Aida-Mollenkamp-Pretty-Easy-Strawberry-Cardamom-Mascarpone-Tart-Recipe-v

 

Strawberry Tartlets with Cardamom Mascarpone Cream

  • Makes: 6 servings
  • Total Time: 50 minutes
  • Hands-On Time: 25 minutes

Ingredients

  • 1 pound all-butter storebought or homemade puff pastry
  • 1 egg yolk
  • 1/4 cup finely chopped roasted pistachios, divided (about 2 ounces)
  • 1/4 cup plus 2 tablespoons granulated sugar
  • 12 ounces strawberries, trimmed and thinly sliced
  • Juice and zest from 1 orange
  • A few tablespoons apricot or fig jam or orange marmalade
  • 8 ounces chilled mascarpone cheese
  • 1/2 cup chilled heavy whipping cream
  • 1/4 teaspoon ground cardamom

Instructions

Heat the oven to 375°F and arrange a rack in the middle. Cut a sheet of puff pastry into 6 (4-inch) squares and place the squares on a parchment-lined baking sheet.
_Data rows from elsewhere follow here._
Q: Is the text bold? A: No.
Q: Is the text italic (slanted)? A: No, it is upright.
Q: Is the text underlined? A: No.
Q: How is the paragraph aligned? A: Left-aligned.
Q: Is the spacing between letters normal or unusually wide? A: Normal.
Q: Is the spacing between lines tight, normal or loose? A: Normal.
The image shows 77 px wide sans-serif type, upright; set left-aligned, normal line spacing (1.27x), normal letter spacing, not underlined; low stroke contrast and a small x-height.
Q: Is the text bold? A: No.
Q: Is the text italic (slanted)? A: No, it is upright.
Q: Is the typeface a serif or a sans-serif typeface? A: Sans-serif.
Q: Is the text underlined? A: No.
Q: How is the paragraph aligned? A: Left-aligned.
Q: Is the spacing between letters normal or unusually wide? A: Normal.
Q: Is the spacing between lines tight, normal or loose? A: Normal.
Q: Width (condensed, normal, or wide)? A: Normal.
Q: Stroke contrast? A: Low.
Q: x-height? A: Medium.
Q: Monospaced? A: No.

Prick the bottom of each square with a fork, leaving a 1/2-inch border on the edge of each square.

Beat egg yolk with a spoonful of water until smooth then brush puff pastry with egg wash. Bake until golden and puffed, about 30 minutes. Set aside to cool to room temperature. (Can be made up to 1 day ahead. Store in an airtight container at room temperature.)

While puff pastry squares are baking, combine strawberries, 1 tablespoons of the sugar, and orange juice in a bowl and toss to combine. Set aside to macerate for at least 10 minutes (can be done up to 2 hours in advance).
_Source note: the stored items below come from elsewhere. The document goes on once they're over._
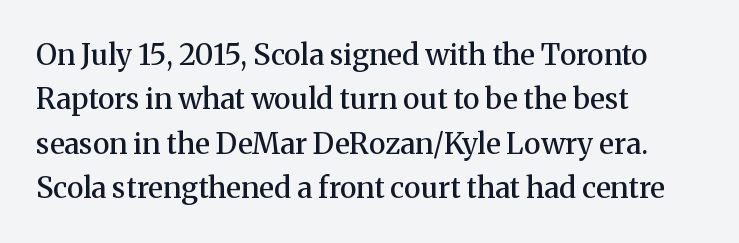
Q: Is the text bold? A: Semi-bold.
Q: Is the text italic (slanted)? A: No, it is upright.
Q: Is the typeface a serif or a sans-serif typeface? A: Serif.
Q: Is the text underlined? A: No.
Q: How is the paragraph aligned? A: Left-aligned.
Q: Is the spacing between letters normal or unusually wide? A: Normal.
Q: Is the spacing between lines tight, normal or loose? A: Normal.
Q: Width (condensed, normal, or wide)? A: Normal.
Q: Stroke contrast? A: Medium.
Q: x-height? A: Medium.
Q: Monospaced? A: No.
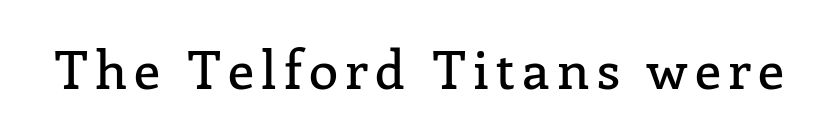
{"serif": "yes", "italic": "no", "width": "normal", "stroke_contrast": "low", "x_height": "medium", "monospaced": "no", "underline": "no", "glyph_px": 53}
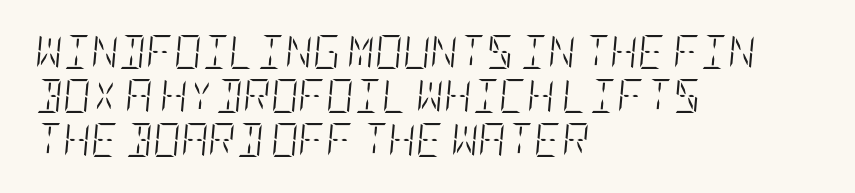
This block has exactly the height ordinary leading produces. Is the type slanted? Yes — the strokes lean at a clear angle. Check the space under the baseline: it is left empty. The typesetting does not lean heavy: it is not bold.
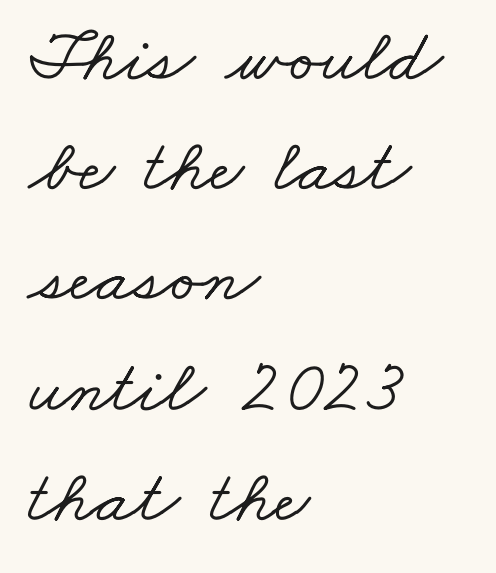
{"serif": "yes", "width": "wide", "stroke_contrast": "low", "x_height": "small", "monospaced": "no", "underline": "no", "align": "left", "line_spacing": "normal", "line_spacing_ratio": 1.47, "letter_spacing": "normal", "letter_spacing_em": 0.0, "glyph_px": 75}
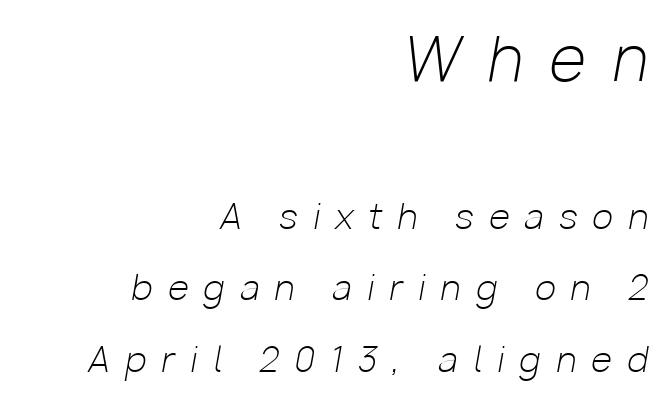
Q: Is the text bold? A: No.
Q: Is the text italic (slanted)? A: Yes, it leans right by about 10 degrees.
Q: Is the text underlined? A: No.
Q: How is the paragraph aligned? A: Right-aligned.
Q: Is the spacing between letters normal or unusually wide? A: Unusually wide.
Q: Is the spacing between lines tight, normal or loose? A: Loose.
Q: Which block of text is set in a larger size, the first (top) or the second (bottom)? A: The first (top) one.
Q: Width (condensed, normal, or wide)? A: Normal.
Q: Stroke contrast? A: Low.
Q: x-height? A: Medium.
Q: Monospaced? A: No.
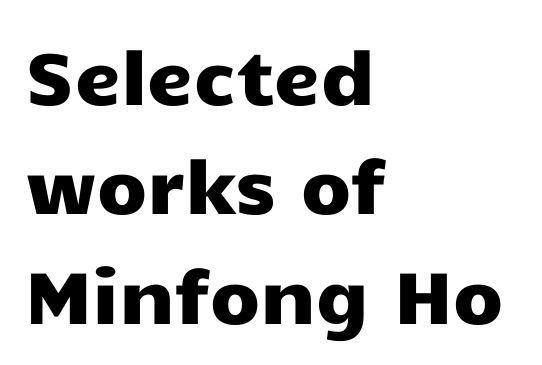
Q: Is the text italic (slanted)? A: No, it is upright.
Q: Is the typeface a serif or a sans-serif typeface? A: Sans-serif.
Q: Is the text underlined? A: No.
Q: How is the paragraph aligned? A: Left-aligned.
Q: Is the spacing between letters normal or unusually wide? A: Normal.
Q: Is the spacing between lines tight, normal or loose? A: Normal.
Q: Width (condensed, normal, or wide)? A: Wide.
Q: Stroke contrast? A: Low.
Q: x-height? A: Medium.
Q: Monospaced? A: No.
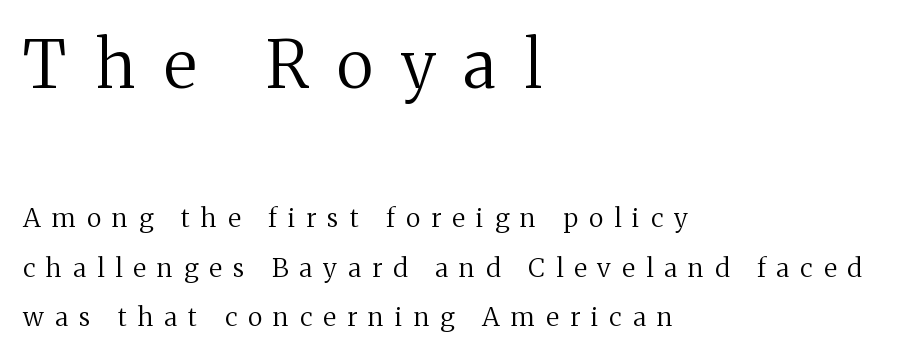
The image shows 66 px regular-weight serif type, upright; set left-aligned, loose line spacing (1.9x), unusually wide letter spacing (+0.43 em), not underlined; the first (top) block is 2.54x larger; medium stroke contrast and a medium x-height.

When ready to serve, brush borders of the puff pastry with the jam then sprinkle a few spoonfuls of the pistachios along the border of each puff pastry square.
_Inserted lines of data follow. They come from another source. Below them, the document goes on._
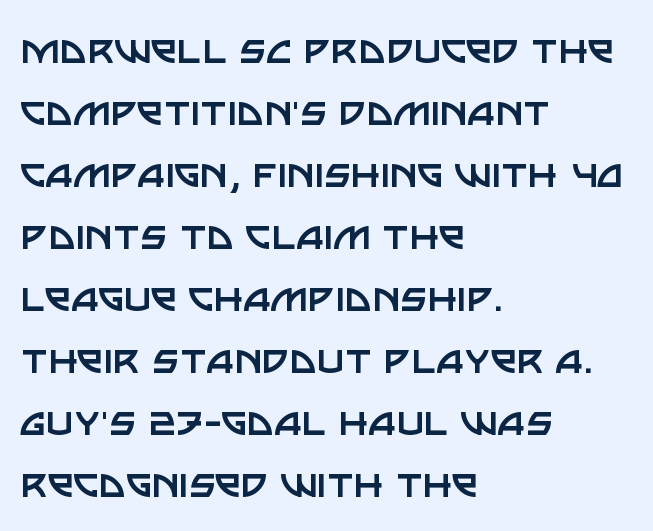
{"serif": "no", "italic": "no", "bold": "no", "weight": "regular", "width": "normal", "stroke_contrast": "low", "x_height": "large", "monospaced": "no", "underline": "no", "align": "left", "line_spacing": "normal", "line_spacing_ratio": 1.32, "letter_spacing": "normal", "letter_spacing_em": 0.0, "glyph_px": 47}
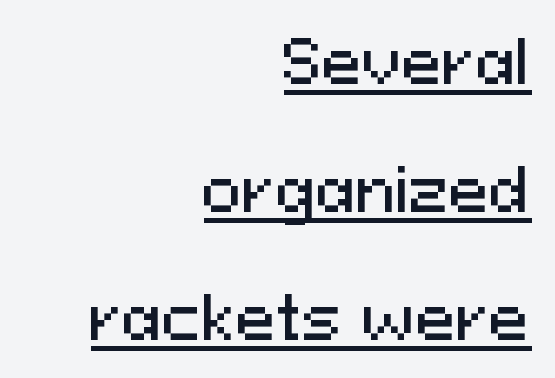
Q: Is the text italic (slanted)? A: No, it is upright.
Q: Is the typeface a serif or a sans-serif typeface? A: Sans-serif.
Q: Is the text underlined? A: Yes.
Q: How is the paragraph aligned? A: Right-aligned.
Q: Is the spacing between letters normal or unusually wide? A: Normal.
Q: Is the spacing between lines tight, normal or loose? A: Loose.
Q: Width (condensed, normal, or wide)? A: Normal.
Q: Stroke contrast? A: Medium.
Q: x-height? A: Medium.
Q: Monospaced? A: No.
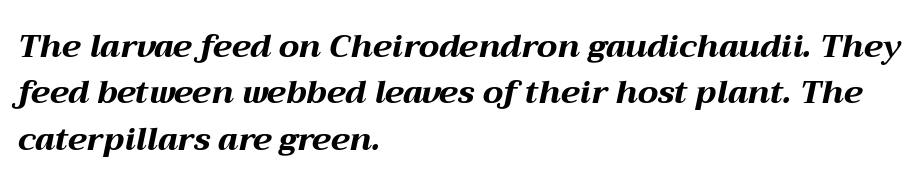
{"italic": "yes", "lean": "right", "slant_degrees": 12, "bold": "yes", "weight": "bold", "width": "wide", "stroke_contrast": "medium", "x_height": "medium", "monospaced": "no", "underline": "no", "align": "left", "line_spacing": "normal", "line_spacing_ratio": 1.45, "letter_spacing": "normal", "letter_spacing_em": 0.0, "glyph_px": 32}
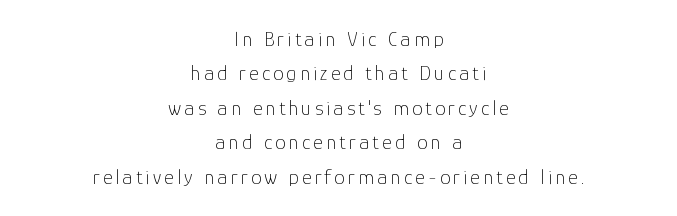
The image shows 21 px text type, upright; set centered, normal line spacing (1.64x), not underlined.
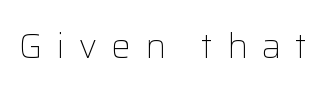
Rule under the text: the space is simply empty. Are there feet on the stems? There aren't — it's a sans. This sample has the flowing, uneven cadence of proportional lettering. The letterforms stand isolated, each surrounded by extra space. The characters are drawn with everyday or finer stroke widths.
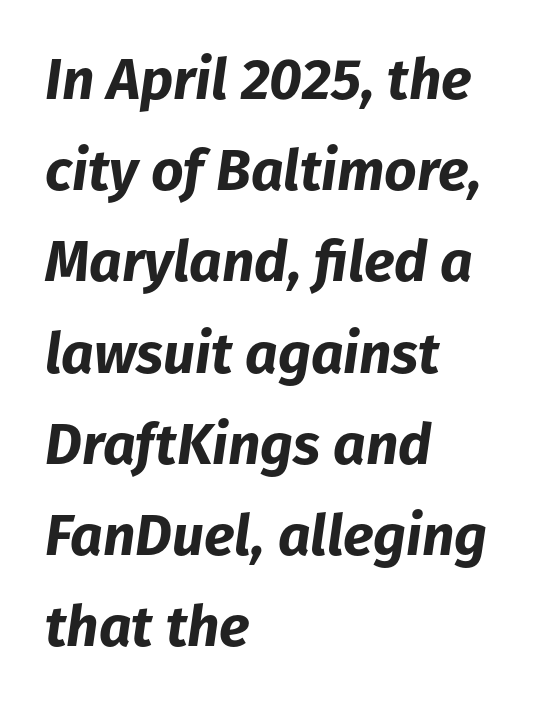
Q: Is the text bold? A: Yes.
Q: Is the text italic (slanted)? A: Yes, it leans right by about 8 degrees.
Q: Is the text underlined? A: No.
Q: How is the paragraph aligned? A: Left-aligned.
Q: Is the spacing between letters normal or unusually wide? A: Normal.
Q: Is the spacing between lines tight, normal or loose? A: Normal.
Q: Width (condensed, normal, or wide)? A: Normal.
Q: Stroke contrast? A: Low.
Q: x-height? A: Medium.
Q: Monospaced? A: No.

Combine mascarpone, cream, remaining 1/4 cup sugar, cardamom, and orange zest in medium bowl. Using a clean whisk, beat just until well combined and fluffy. Spread filling evenly in cooled crust, making sure to leave the 1/2-inch border uncovered. Arrange strawberries slices atop tart, drizzle with a spoonful of strawberry juices, sprinkle with remaining pistachios, and serve.


Glorified: Serve a la mode or with a drizzle of melted chocolate. Or both.

Modified: Top with a mix of blackberries and peaches with toasted walnuts.

Simplified: Ditch the filling and simply serve the macerated berries on the tartlets.


Pretty Easy is a monthly feature showcasing doable yet interesting recipes. Even those who fear cooking often find success with these recipes.